What is particularly interesting about California's approach is the fact that most people forget : Renewables are technologies, not fuels, so their prices are based on the experience curve As with the Swanson Act, when the number of solar modules doubled, the price drops by 28% and its efficiency goes up The point is that solar energy has already been converted into the cheapest form of available energy production, and that can only get cheaper

Renewable energy is cheap, but the downside is the availability.The sun does not shine at night, and sometimes there is no wind. The only way to solve this problem is to increase the storage capacity of batteries, which are mainly used because of their price only in a small number of institutions in the world. At current prices, forecasts predict that by 2040, only 3% of the world's energy will be stored there.

Again, it is important to know that the batteries are a technology and therefore subject to their manufacture to the same types of economies as solar panels, which allow us to anticipate a battery revolution, some of which already benefit. The gigafactories that Tesla and some Chinese companies are building take into account the learning curve derived from the experiential curve and provide for battery price cuts as the number of batteries produced increases due to the demand for domestic storage or electric vehicles, which account for the fact that these costs have already fallen by 80% in the last ten years. At these prices, replacing power plants that burn hydrocarbons with renewable energy and batteries will not only help protect the environment and fight climate change, but from a purely economic point of view, it will be the best option.

To plan the future, we must consider the whole equation, taking into account all the elements involved. The production of more batteries depends on the demand and the demand depends on the usage. Achieving the end of the combustion engine will require the sale of many more electric vehicles, which means much higher battery production, so we can achieve economies of scale and learn and lower prices. This is what California is pursuing by making the installation of solar modules mandatory in all new homes built after 2020: not only to lower the price of solar panels, but also to promote the installation of household batteries in these homes, as it does currently happens as distributed battery systems when conditions require it.
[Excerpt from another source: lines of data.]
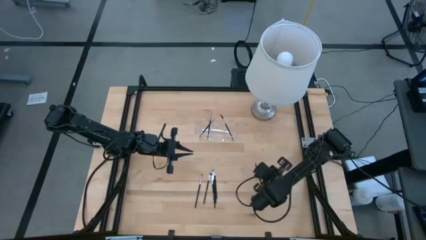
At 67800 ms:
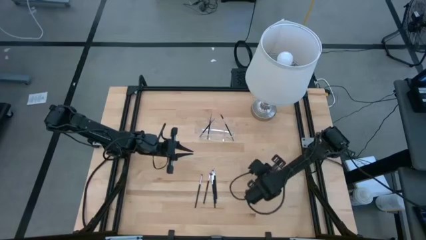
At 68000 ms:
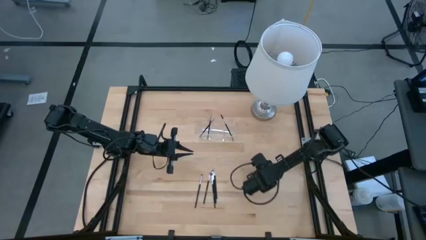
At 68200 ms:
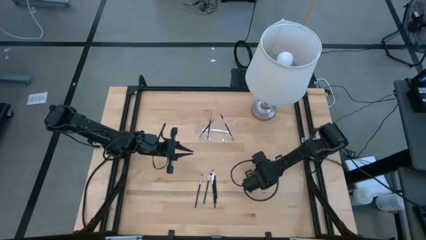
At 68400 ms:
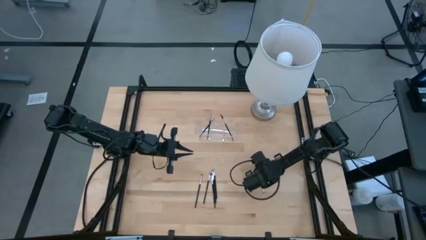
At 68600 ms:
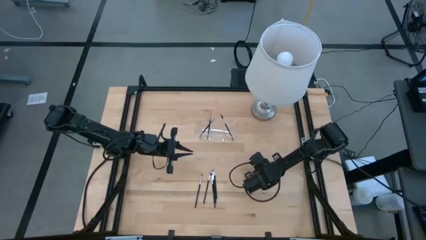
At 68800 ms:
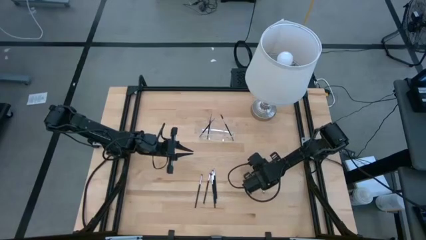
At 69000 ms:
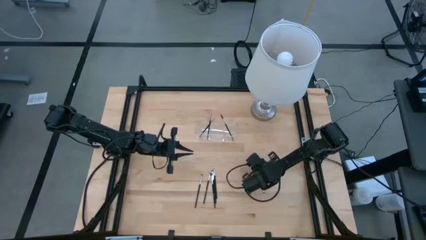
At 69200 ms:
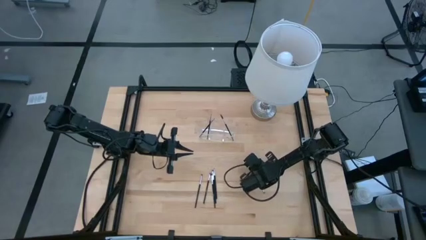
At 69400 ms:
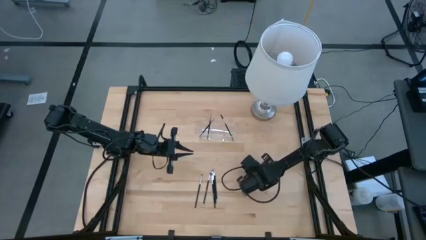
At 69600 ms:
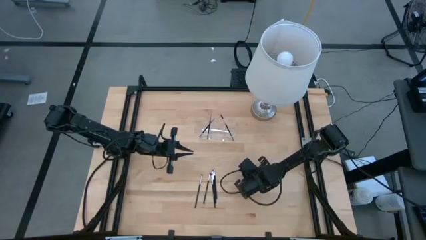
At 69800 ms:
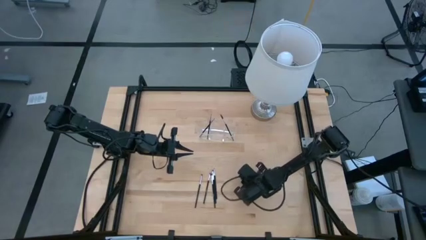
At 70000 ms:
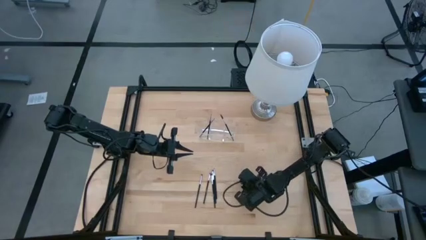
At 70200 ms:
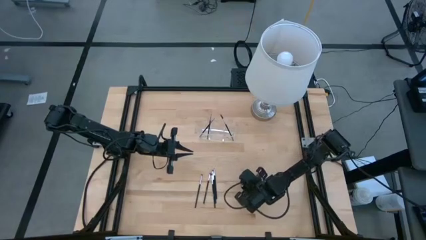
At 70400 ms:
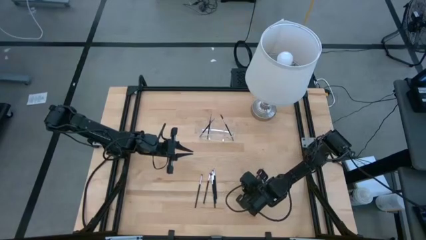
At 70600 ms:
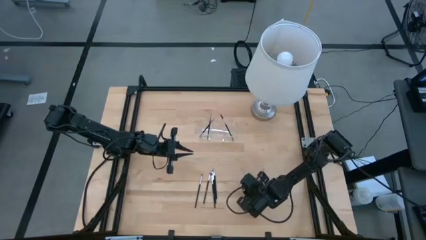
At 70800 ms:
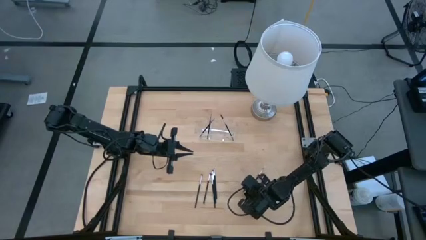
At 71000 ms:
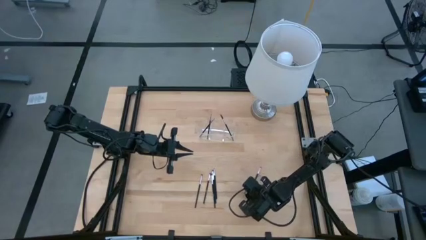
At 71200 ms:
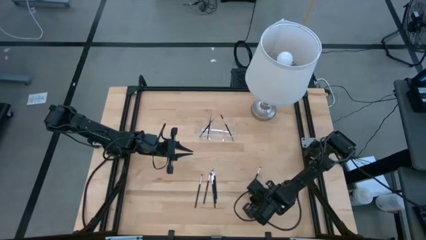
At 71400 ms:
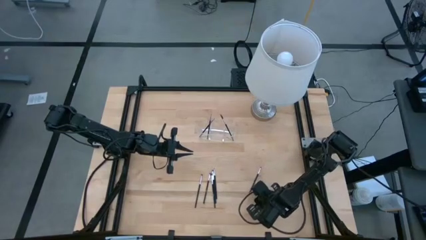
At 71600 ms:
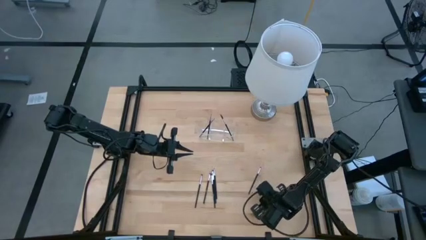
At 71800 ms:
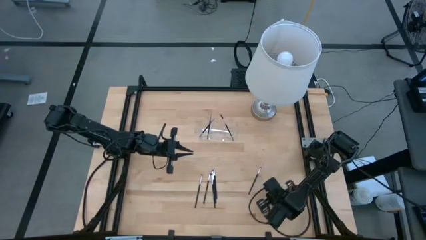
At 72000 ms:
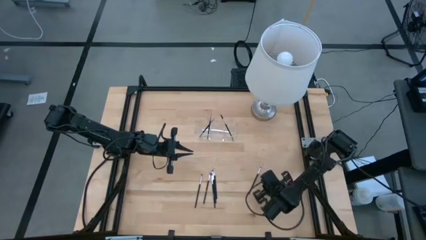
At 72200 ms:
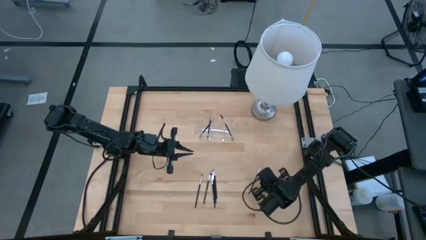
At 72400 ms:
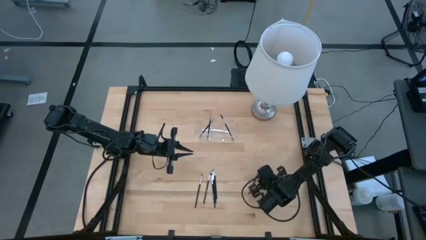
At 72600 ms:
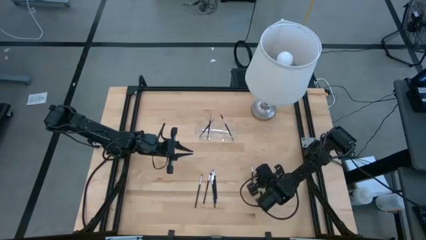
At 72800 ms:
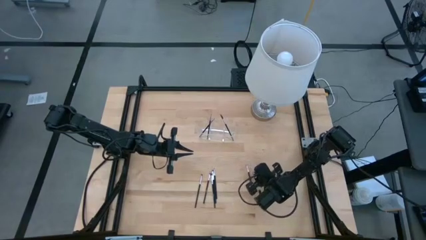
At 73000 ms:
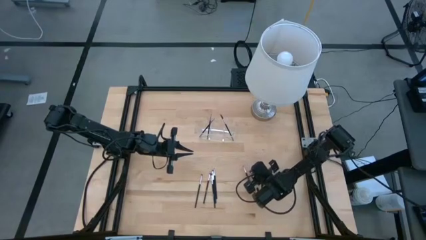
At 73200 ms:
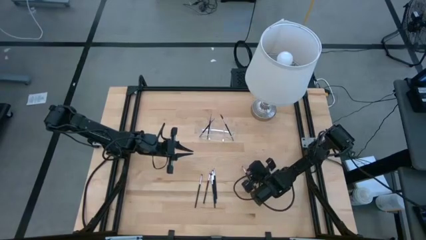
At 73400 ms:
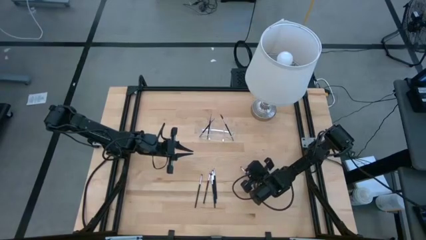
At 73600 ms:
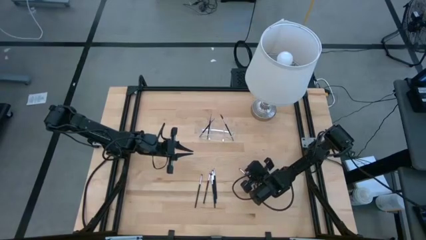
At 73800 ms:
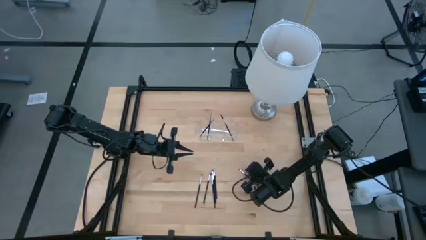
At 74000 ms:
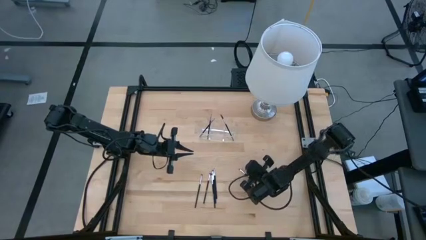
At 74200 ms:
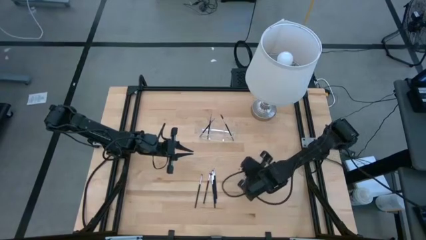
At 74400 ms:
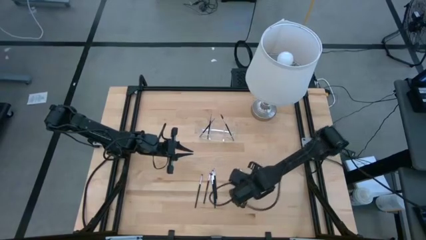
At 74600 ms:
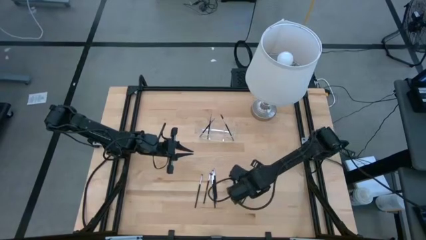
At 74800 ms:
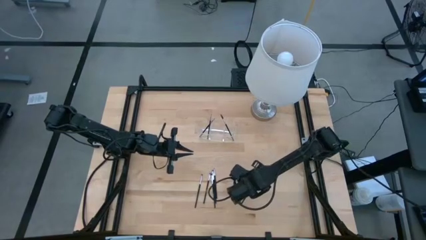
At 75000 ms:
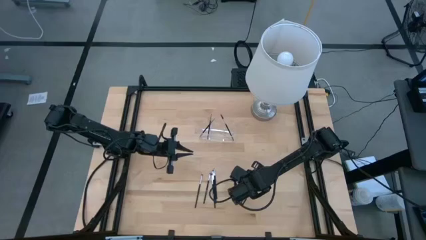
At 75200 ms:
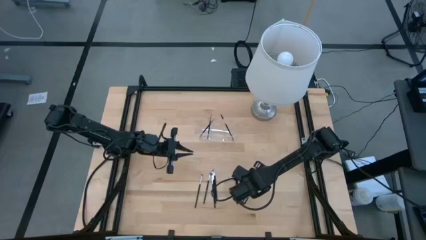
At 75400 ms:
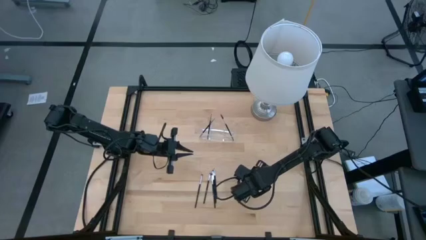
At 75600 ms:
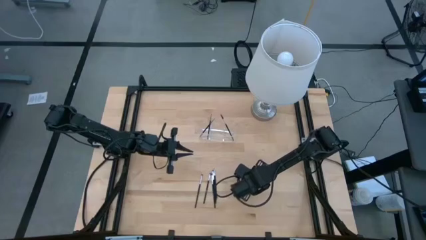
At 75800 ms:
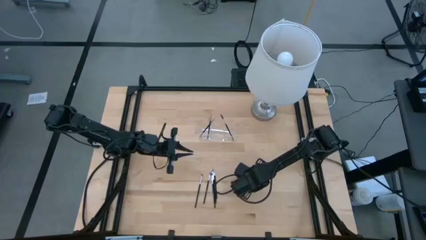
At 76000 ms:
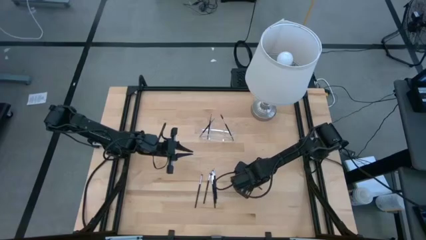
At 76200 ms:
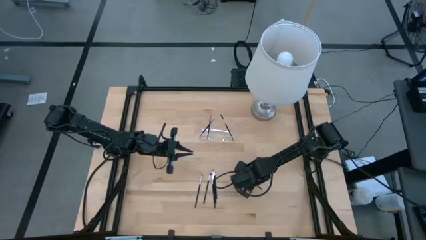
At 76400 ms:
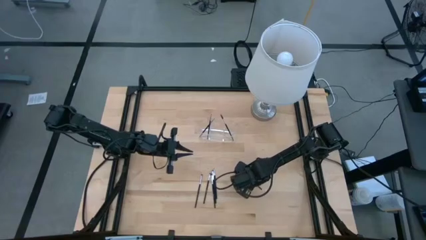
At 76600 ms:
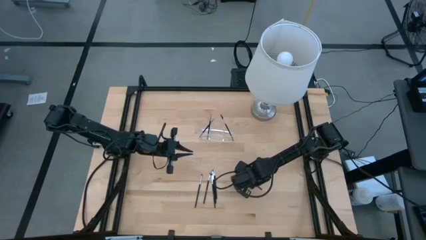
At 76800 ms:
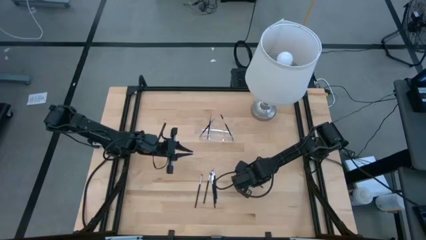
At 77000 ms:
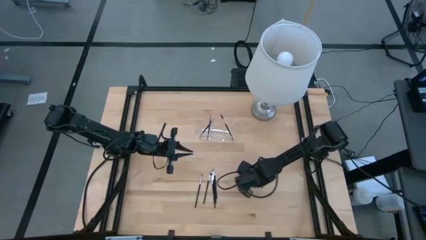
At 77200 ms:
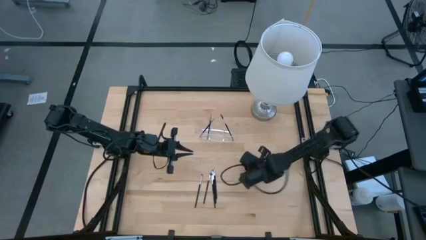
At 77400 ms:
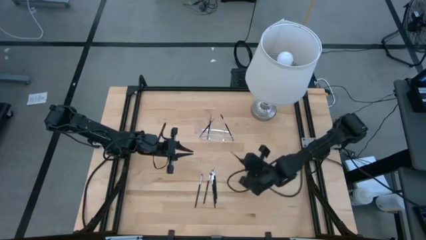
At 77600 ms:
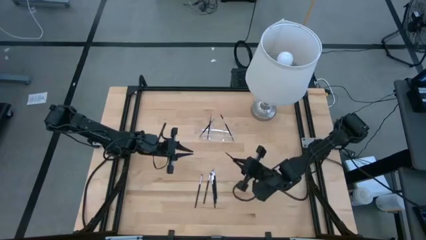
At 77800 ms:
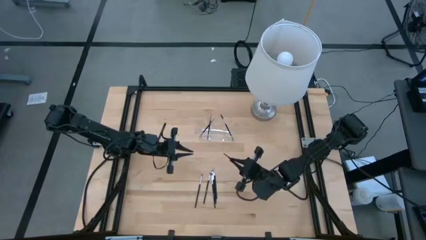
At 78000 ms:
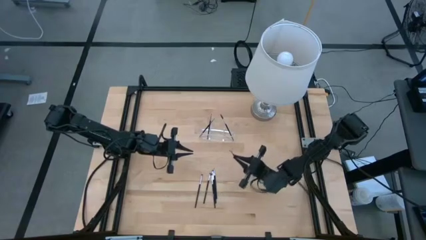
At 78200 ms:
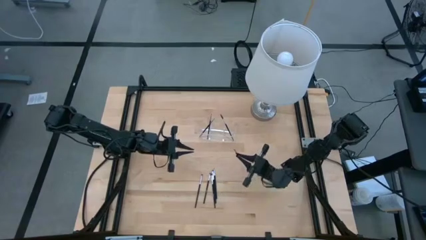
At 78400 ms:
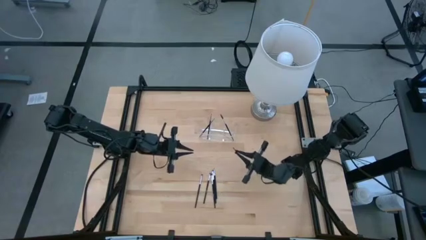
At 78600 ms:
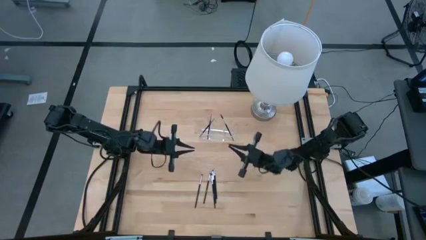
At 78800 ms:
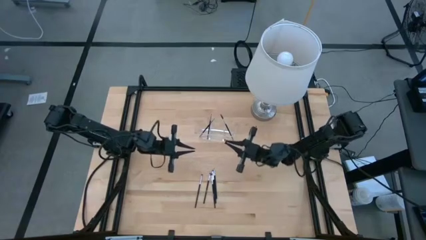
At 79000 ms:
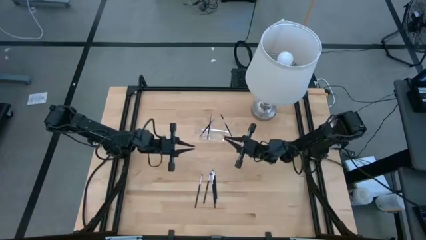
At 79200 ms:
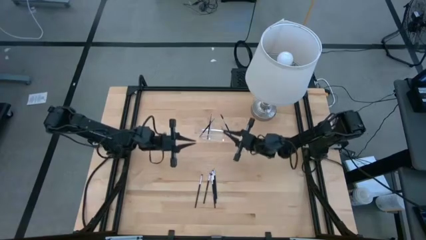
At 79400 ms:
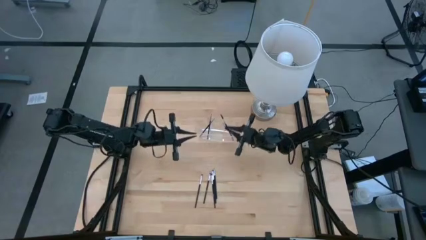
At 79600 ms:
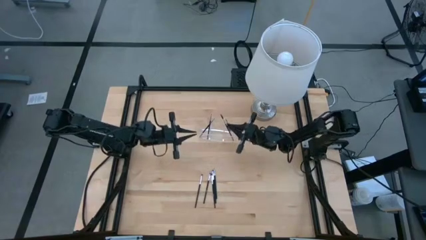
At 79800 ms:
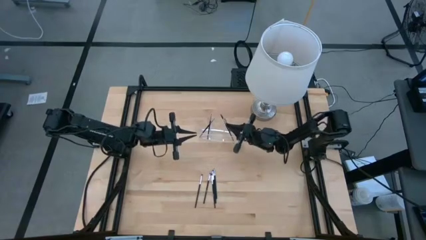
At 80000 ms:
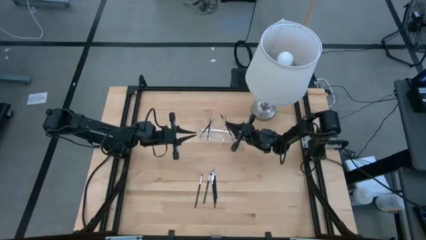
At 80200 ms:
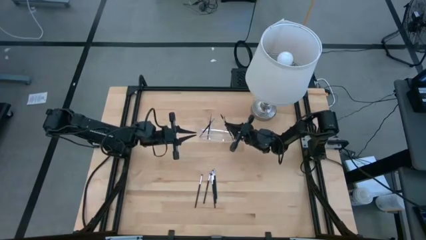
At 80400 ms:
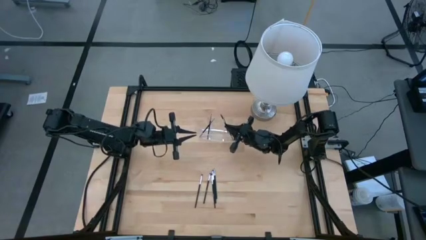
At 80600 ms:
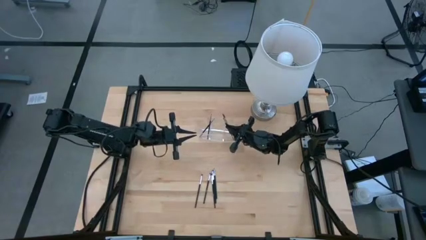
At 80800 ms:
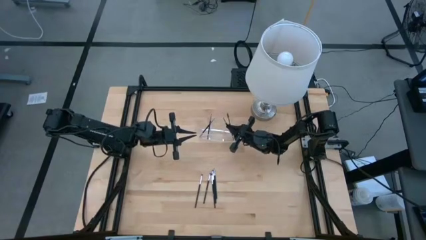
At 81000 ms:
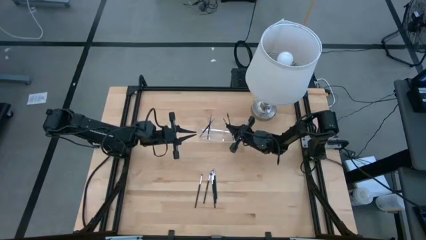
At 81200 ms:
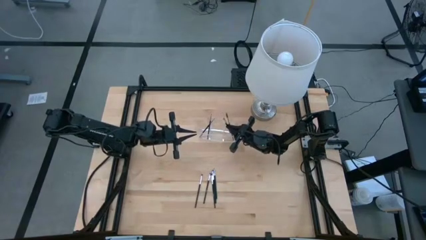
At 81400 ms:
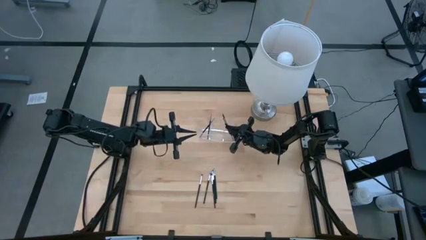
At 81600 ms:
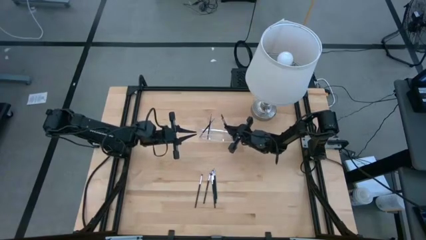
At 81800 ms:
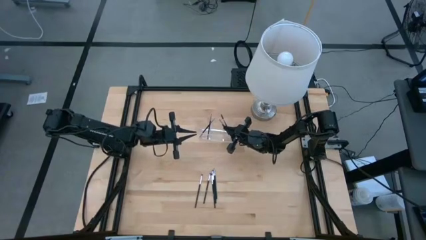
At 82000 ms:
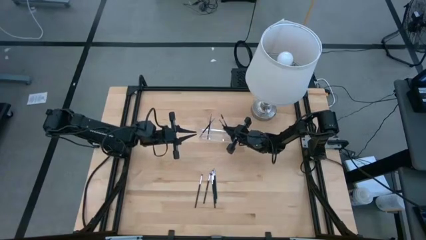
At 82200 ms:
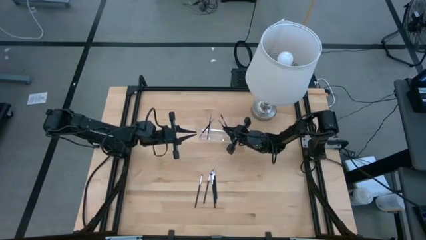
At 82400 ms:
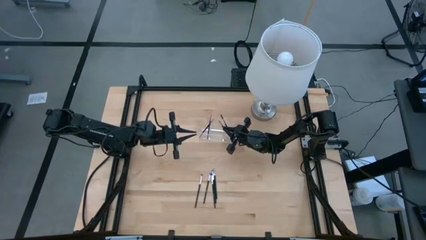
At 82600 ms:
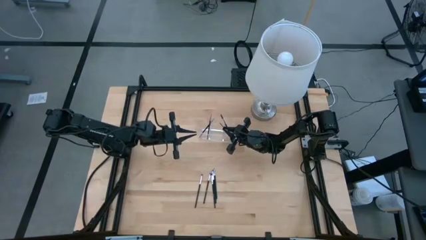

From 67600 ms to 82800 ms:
Task: Put items in baskets/containers
Put the black liner brush transparent organizer

Australia has also started a similar plan for its public housing program with the installation of solar cells and batteries in 50,000 homes within four years.
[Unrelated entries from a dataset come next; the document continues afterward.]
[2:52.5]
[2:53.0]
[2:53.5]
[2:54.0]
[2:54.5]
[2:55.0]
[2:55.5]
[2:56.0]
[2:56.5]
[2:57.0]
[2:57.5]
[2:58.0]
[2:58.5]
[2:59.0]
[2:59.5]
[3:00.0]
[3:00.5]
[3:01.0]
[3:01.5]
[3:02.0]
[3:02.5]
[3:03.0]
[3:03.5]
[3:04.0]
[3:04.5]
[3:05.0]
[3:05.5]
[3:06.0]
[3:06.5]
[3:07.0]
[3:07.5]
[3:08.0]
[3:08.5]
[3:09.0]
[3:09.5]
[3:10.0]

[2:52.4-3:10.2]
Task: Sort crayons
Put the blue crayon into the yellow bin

California knows that its goal of producing 1

00% of its energy from renewable sources could be achieved earlier than 2045, thanks to increased demand for electric vehicles or solar cells and batteries for new homes. That would allow the state, the third largest and most populous in the United States and with a GDP that is twice Spain's, to obey Hawaii's leadership. A benchmark for the rest of the world in the fight against climate change at a similar level to Norway.

There is a lot at stake here. In the beginning we all need to be up to date on the state of energy production and accept that the future could be different if we do what we need to do and stop denying the reality.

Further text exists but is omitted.